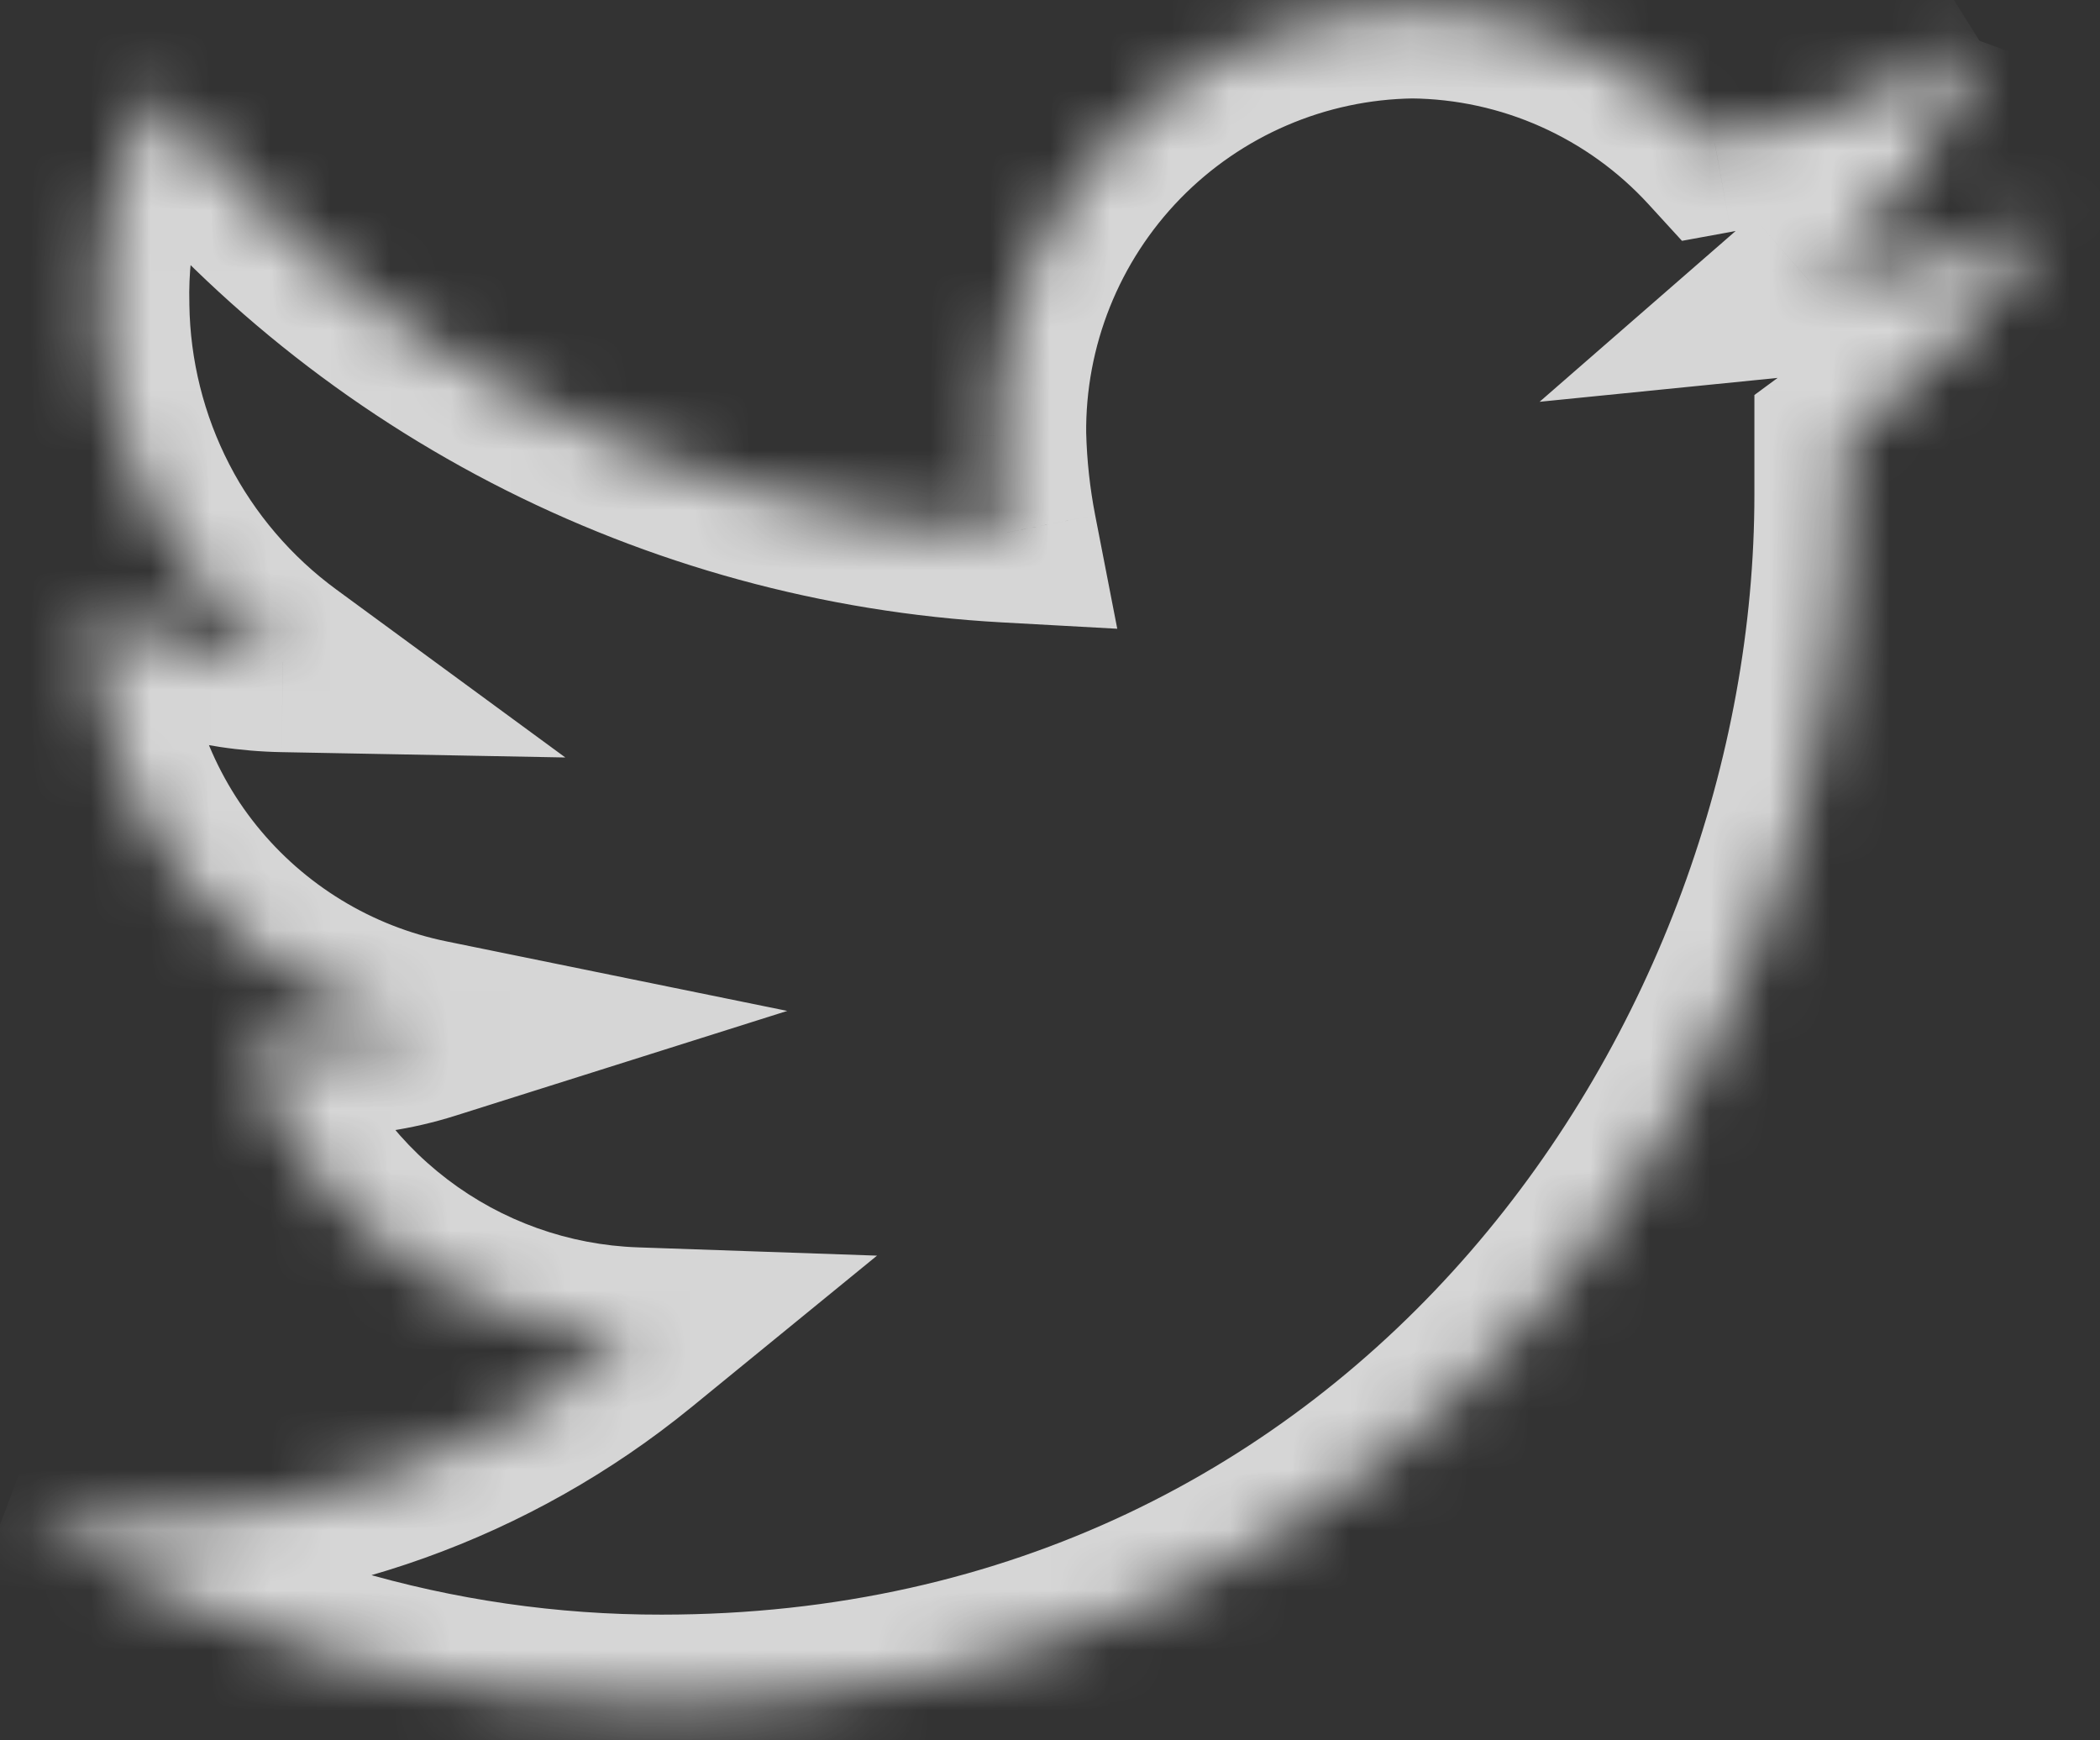 <svg width="35" height="29" viewBox="0 0 35 29" fill="none" xmlns="http://www.w3.org/2000/svg">
<rect x="0" y="0" width="35" height="29" fill="#333333" stroke="none"/>
<mask id="path-1-inside-1_1825_1569" fill="white">
<path d="M32.99 0.678C31.642 1.523 30.145 2.103 28.579 2.389C27.938 1.689 27.159 1.128 26.292 0.741C25.424 0.354 24.487 0.149 23.537 0.14C21.675 0.165 19.899 0.928 18.599 2.261C17.299 3.595 16.581 5.389 16.603 7.251C16.617 7.796 16.677 8.338 16.781 8.873C14.022 8.721 11.328 7.984 8.876 6.711C6.423 5.439 4.27 3.659 2.558 1.491C1.934 2.587 1.622 3.833 1.656 5.093C1.672 6.253 1.957 7.393 2.488 8.423C3.019 9.454 3.783 10.347 4.718 11.033C3.607 11.012 2.522 10.703 1.567 10.135V10.224C1.544 11.849 2.089 13.431 3.108 14.697C4.127 15.963 5.556 16.834 7.148 17.158C6.566 17.342 5.959 17.433 5.349 17.428C4.927 17.447 4.504 17.416 4.088 17.338C4.524 18.733 5.383 19.958 6.545 20.844C7.708 21.73 9.117 22.233 10.578 22.284C8.163 24.256 5.143 25.337 2.026 25.346C1.484 25.361 0.943 25.33 0.406 25.255C3.565 27.317 7.257 28.411 11.029 28.405C23.717 28.405 30.74 17.604 30.74 8.242V7.34C32.102 6.338 33.263 5.086 34.159 3.651C32.907 4.229 31.569 4.594 30.197 4.732C31.454 3.637 32.415 2.243 32.99 0.678Z"/>
</mask>
<path d="M28.579 2.389L27.474 3.402L28.033 4.013L28.849 3.864L28.579 2.389ZM23.537 0.14L23.552 -1.36L23.535 -1.36L23.517 -1.36L23.537 0.14ZM16.603 7.251L15.103 7.269L15.104 7.28L15.104 7.291L16.603 7.251ZM16.781 8.873L16.698 10.371L18.621 10.477L18.253 8.586L16.781 8.873ZM2.558 1.491L3.735 0.561L2.355 -1.186L1.254 0.749L2.558 1.491ZM1.656 5.093L3.156 5.073L3.156 5.063L3.156 5.053L1.656 5.093ZM4.718 11.033L4.689 12.533L9.422 12.622L5.605 9.823L4.718 11.033ZM1.567 10.135L2.334 8.846L0.067 7.498V10.135H1.567ZM1.567 10.224L3.067 10.245L3.067 10.235V10.224H1.567ZM7.148 17.158L7.6 18.588L13.121 16.845L7.448 15.688L7.148 17.158ZM5.349 17.428L5.361 15.928L5.322 15.928L5.283 15.93L5.349 17.428ZM4.088 17.338L4.368 15.864L1.911 15.398L2.657 17.785L4.088 17.338ZM10.578 22.284L11.527 23.446L14.617 20.923L10.63 20.785L10.578 22.284ZM2.026 25.346L2.022 23.846L2.003 23.846L1.984 23.846L2.026 25.346ZM0.406 25.255L0.615 23.769L-0.414 26.511L0.406 25.255ZM11.029 28.405V26.905L11.027 26.905L11.029 28.405ZM30.74 7.34L29.851 6.132L29.24 6.582V7.34H30.74ZM34.159 3.651L35.431 4.446L38.094 0.181L33.53 2.289L34.159 3.651ZM30.197 4.732L29.212 3.601L25.66 6.695L30.347 6.225L30.197 4.732ZM32.194 -0.593C31.007 0.151 29.689 0.662 28.31 0.913L28.849 3.864C30.601 3.545 32.277 2.895 33.787 1.95L32.194 -0.593ZM29.685 1.375C28.905 0.524 27.958 -0.159 26.903 -0.629L25.681 2.111C26.36 2.414 26.971 2.853 27.474 3.402L29.685 1.375ZM26.903 -0.629C25.848 -1.1 24.707 -1.349 23.552 -1.36L23.522 1.64C24.266 1.647 25.001 1.807 25.681 2.111L26.903 -0.629ZM23.517 -1.36C21.258 -1.33 19.103 -0.404 17.525 1.214L19.673 3.308C20.696 2.26 22.093 1.659 23.558 1.64L23.517 -1.36ZM17.525 1.214C15.948 2.832 15.077 5.01 15.103 7.269L18.103 7.234C18.086 5.769 18.651 4.357 19.673 3.308L17.525 1.214ZM15.104 7.291C15.12 7.918 15.189 8.543 15.309 9.159L18.253 8.586C18.165 8.133 18.115 7.674 18.103 7.212L15.104 7.291ZM16.864 7.375C14.317 7.235 11.83 6.555 9.566 5.38L8.185 8.043C10.825 9.413 13.728 10.207 16.698 10.371L16.864 7.375ZM9.566 5.38C7.303 4.205 5.315 2.563 3.735 0.561L1.38 2.42C3.224 4.756 5.544 6.672 8.185 8.043L9.566 5.38ZM1.254 0.749C0.495 2.083 0.115 3.599 0.157 5.133L3.156 5.053C3.129 4.066 3.373 3.091 3.861 2.233L1.254 0.749ZM0.156 5.113C0.175 6.505 0.517 7.873 1.155 9.11L3.821 7.736C3.396 6.912 3.169 6 3.156 5.073L0.156 5.113ZM1.155 9.11C1.792 10.348 2.708 11.42 3.831 12.243L5.605 9.823C4.857 9.275 4.246 8.56 3.821 7.736L1.155 9.11ZM4.746 9.533C3.896 9.517 3.065 9.28 2.334 8.846L0.801 11.425C1.979 12.125 3.319 12.507 4.689 12.533L4.746 9.533ZM0.067 10.135V10.224H3.067V10.135H0.067ZM0.067 10.203C0.039 12.177 0.701 14.099 1.939 15.638L4.276 13.757C3.477 12.763 3.049 11.521 3.067 10.245L0.067 10.203ZM1.939 15.638C3.177 17.176 4.914 18.233 6.849 18.628L7.448 15.688C6.198 15.434 5.076 14.75 4.276 13.757L1.939 15.638ZM6.696 15.728C6.264 15.864 5.814 15.932 5.361 15.928L5.337 18.928C6.105 18.934 6.868 18.82 7.6 18.588L6.696 15.728ZM5.283 15.93C4.977 15.943 4.669 15.921 4.368 15.864L3.809 18.811C4.338 18.912 4.877 18.951 5.415 18.927L5.283 15.93ZM2.657 17.785C3.185 19.477 4.226 20.963 5.636 22.037L7.455 19.651C6.539 18.953 5.863 17.989 5.52 16.89L2.657 17.785ZM5.636 22.037C7.046 23.111 8.754 23.722 10.526 23.783L10.63 20.785C9.48 20.745 8.37 20.349 7.455 19.651L5.636 22.037ZM9.629 21.122C7.481 22.876 4.795 23.837 2.022 23.846L2.03 26.846C5.492 26.835 8.845 25.635 11.527 23.446L9.629 21.122ZM1.984 23.846C1.526 23.859 1.069 23.833 0.615 23.769L0.197 26.74C0.817 26.827 1.442 26.862 2.068 26.845L1.984 23.846ZM-0.414 26.511C2.99 28.732 6.968 29.912 11.032 29.905L11.027 26.905C7.547 26.911 4.141 25.901 1.226 23.999L-0.414 26.511ZM11.029 29.905C24.744 29.905 32.24 18.218 32.24 8.242H29.24C29.24 16.99 22.689 26.905 11.029 26.905V29.905ZM32.24 8.242V7.34H29.24V8.242H32.24ZM31.628 8.549C33.144 7.434 34.434 6.041 35.431 4.446L32.886 2.857C32.091 4.131 31.061 5.242 29.851 6.132L31.628 8.549ZM33.53 2.289C32.43 2.797 31.253 3.119 30.047 3.24L30.347 6.225C31.884 6.07 33.385 5.661 34.788 5.013L33.53 2.289ZM31.183 5.863C32.63 4.603 33.736 2.997 34.398 1.196L31.583 0.161C31.094 1.488 30.279 2.672 29.212 3.601L31.183 5.863Z" fill="white" fill-opacity="0.8" mask="url(#path-1-inside-1_1825_1569)"/>
</svg>
——————
Instructions to follow:
For each entry above, write it out again exactly but leave out any picture.

Answer for the task:
 <svg width="35" height="29" viewBox="0 0 35 29" fill="none" xmlns="http://www.w3.org/2000/svg">
<rect x="0" y="0" width="35" height="29" fill="#333333" stroke="none"/>
<mask id="path-1-inside-1_1825_1569" fill="white">
<path d="M32.99 0.678C31.642 1.523 30.145 2.103 28.579 2.389C27.938 1.689 27.159 1.128 26.292 0.741C25.424 0.354 24.487 0.149 23.537 0.14C21.675 0.165 19.899 0.928 18.599 2.261C17.299 3.595 16.581 5.389 16.603 7.251C16.617 7.796 16.677 8.338 16.781 8.873C14.022 8.721 11.328 7.984 8.876 6.711C6.423 5.439 4.27 3.659 2.558 1.491C1.934 2.587 1.622 3.833 1.656 5.093C1.672 6.253 1.957 7.393 2.488 8.423C3.019 9.454 3.783 10.347 4.718 11.033C3.607 11.012 2.522 10.703 1.567 10.135V10.224C1.544 11.849 2.089 13.431 3.108 14.697C4.127 15.963 5.556 16.834 7.148 17.158C6.566 17.342 5.959 17.433 5.349 17.428C4.927 17.447 4.504 17.416 4.088 17.338C4.524 18.733 5.383 19.958 6.545 20.844C7.708 21.73 9.117 22.233 10.578 22.284C8.163 24.256 5.143 25.337 2.026 25.346C1.484 25.361 0.943 25.33 0.406 25.255C3.565 27.317 7.257 28.411 11.029 28.405C23.717 28.405 30.74 17.604 30.74 8.242V7.34C32.102 6.338 33.263 5.086 34.159 3.651C32.907 4.229 31.569 4.594 30.197 4.732C31.454 3.637 32.415 2.243 32.99 0.678Z"/>
</mask>
<path d="M28.579 2.389L27.474 3.402L28.033 4.013L28.849 3.864L28.579 2.389ZM23.537 0.14L23.552 -1.36L23.535 -1.36L23.517 -1.36L23.537 0.14ZM16.603 7.251L15.103 7.269L15.104 7.28L15.104 7.291L16.603 7.251ZM16.781 8.873L16.698 10.371L18.621 10.477L18.253 8.586L16.781 8.873ZM2.558 1.491L3.735 0.561L2.355 -1.186L1.254 0.749L2.558 1.491ZM1.656 5.093L3.156 5.073L3.156 5.063L3.156 5.053L1.656 5.093ZM4.718 11.033L4.689 12.533L9.422 12.622L5.605 9.823L4.718 11.033ZM1.567 10.135L2.334 8.846L0.067 7.498V10.135H1.567ZM1.567 10.224L3.067 10.245L3.067 10.235V10.224H1.567ZM7.148 17.158L7.6 18.588L13.121 16.845L7.448 15.688L7.148 17.158ZM5.349 17.428L5.361 15.928L5.322 15.928L5.283 15.93L5.349 17.428ZM4.088 17.338L4.368 15.864L1.911 15.398L2.657 17.785L4.088 17.338ZM10.578 22.284L11.527 23.446L14.617 20.923L10.63 20.785L10.578 22.284ZM2.026 25.346L2.022 23.846L2.003 23.846L1.984 23.846L2.026 25.346ZM0.406 25.255L0.615 23.769L-0.414 26.511L0.406 25.255ZM11.029 28.405V26.905L11.027 26.905L11.029 28.405ZM30.74 7.34L29.851 6.132L29.24 6.582V7.34H30.74ZM34.159 3.651L35.431 4.446L38.094 0.181L33.53 2.289L34.159 3.651ZM30.197 4.732L29.212 3.601L25.66 6.695L30.347 6.225L30.197 4.732ZM32.194 -0.593C31.007 0.151 29.689 0.662 28.31 0.913L28.849 3.864C30.601 3.545 32.277 2.895 33.787 1.95L32.194 -0.593ZM29.685 1.375C28.905 0.524 27.958 -0.159 26.903 -0.629L25.681 2.111C26.36 2.414 26.971 2.853 27.474 3.402L29.685 1.375ZM26.903 -0.629C25.848 -1.1 24.707 -1.349 23.552 -1.36L23.522 1.64C24.266 1.647 25.001 1.807 25.681 2.111L26.903 -0.629ZM23.517 -1.36C21.258 -1.33 19.103 -0.404 17.525 1.214L19.673 3.308C20.696 2.26 22.093 1.659 23.558 1.64L23.517 -1.36ZM17.525 1.214C15.948 2.832 15.077 5.01 15.103 7.269L18.103 7.234C18.086 5.769 18.651 4.357 19.673 3.308L17.525 1.214ZM15.104 7.291C15.12 7.918 15.189 8.543 15.309 9.159L18.253 8.586C18.165 8.133 18.115 7.674 18.103 7.212L15.104 7.291ZM16.864 7.375C14.317 7.235 11.83 6.555 9.566 5.38L8.185 8.043C10.825 9.413 13.728 10.207 16.698 10.371L16.864 7.375ZM9.566 5.38C7.303 4.205 5.315 2.563 3.735 0.561L1.38 2.42C3.224 4.756 5.544 6.672 8.185 8.043L9.566 5.38ZM1.254 0.749C0.495 2.083 0.115 3.599 0.157 5.133L3.156 5.053C3.129 4.066 3.373 3.091 3.861 2.233L1.254 0.749ZM0.156 5.113C0.175 6.505 0.517 7.873 1.155 9.11L3.821 7.736C3.396 6.912 3.169 6 3.156 5.073L0.156 5.113ZM1.155 9.11C1.792 10.348 2.708 11.42 3.831 12.243L5.605 9.823C4.857 9.275 4.246 8.56 3.821 7.736L1.155 9.11ZM4.746 9.533C3.896 9.517 3.065 9.28 2.334 8.846L0.801 11.425C1.979 12.125 3.319 12.507 4.689 12.533L4.746 9.533ZM0.067 10.135V10.224H3.067V10.135H0.067ZM0.067 10.203C0.039 12.177 0.701 14.099 1.939 15.638L4.276 13.757C3.477 12.763 3.049 11.521 3.067 10.245L0.067 10.203ZM1.939 15.638C3.177 17.176 4.914 18.233 6.849 18.628L7.448 15.688C6.198 15.434 5.076 14.75 4.276 13.757L1.939 15.638ZM6.696 15.728C6.264 15.864 5.814 15.932 5.361 15.928L5.337 18.928C6.105 18.934 6.868 18.82 7.6 18.588L6.696 15.728ZM5.283 15.93C4.977 15.943 4.669 15.921 4.368 15.864L3.809 18.811C4.338 18.912 4.877 18.951 5.415 18.927L5.283 15.93ZM2.657 17.785C3.185 19.477 4.226 20.963 5.636 22.037L7.455 19.651C6.539 18.953 5.863 17.989 5.52 16.89L2.657 17.785ZM5.636 22.037C7.046 23.111 8.754 23.722 10.526 23.783L10.63 20.785C9.48 20.745 8.37 20.349 7.455 19.651L5.636 22.037ZM9.629 21.122C7.481 22.876 4.795 23.837 2.022 23.846L2.03 26.846C5.492 26.835 8.845 25.635 11.527 23.446L9.629 21.122ZM1.984 23.846C1.526 23.859 1.069 23.833 0.615 23.769L0.197 26.74C0.817 26.827 1.442 26.862 2.068 26.845L1.984 23.846ZM-0.414 26.511C2.99 28.732 6.968 29.912 11.032 29.905L11.027 26.905C7.547 26.911 4.141 25.901 1.226 23.999L-0.414 26.511ZM11.029 29.905C24.744 29.905 32.24 18.218 32.24 8.242H29.24C29.24 16.99 22.689 26.905 11.029 26.905V29.905ZM32.24 8.242V7.34H29.24V8.242H32.24ZM31.628 8.549C33.144 7.434 34.434 6.041 35.431 4.446L32.886 2.857C32.091 4.131 31.061 5.242 29.851 6.132L31.628 8.549ZM33.53 2.289C32.43 2.797 31.253 3.119 30.047 3.24L30.347 6.225C31.884 6.07 33.385 5.661 34.788 5.013L33.53 2.289ZM31.183 5.863C32.63 4.603 33.736 2.997 34.398 1.196L31.583 0.161C31.094 1.488 30.279 2.672 29.212 3.601L31.183 5.863Z" fill="white" fill-opacity="0.8" mask="url(#path-1-inside-1_1825_1569)"/>
</svg>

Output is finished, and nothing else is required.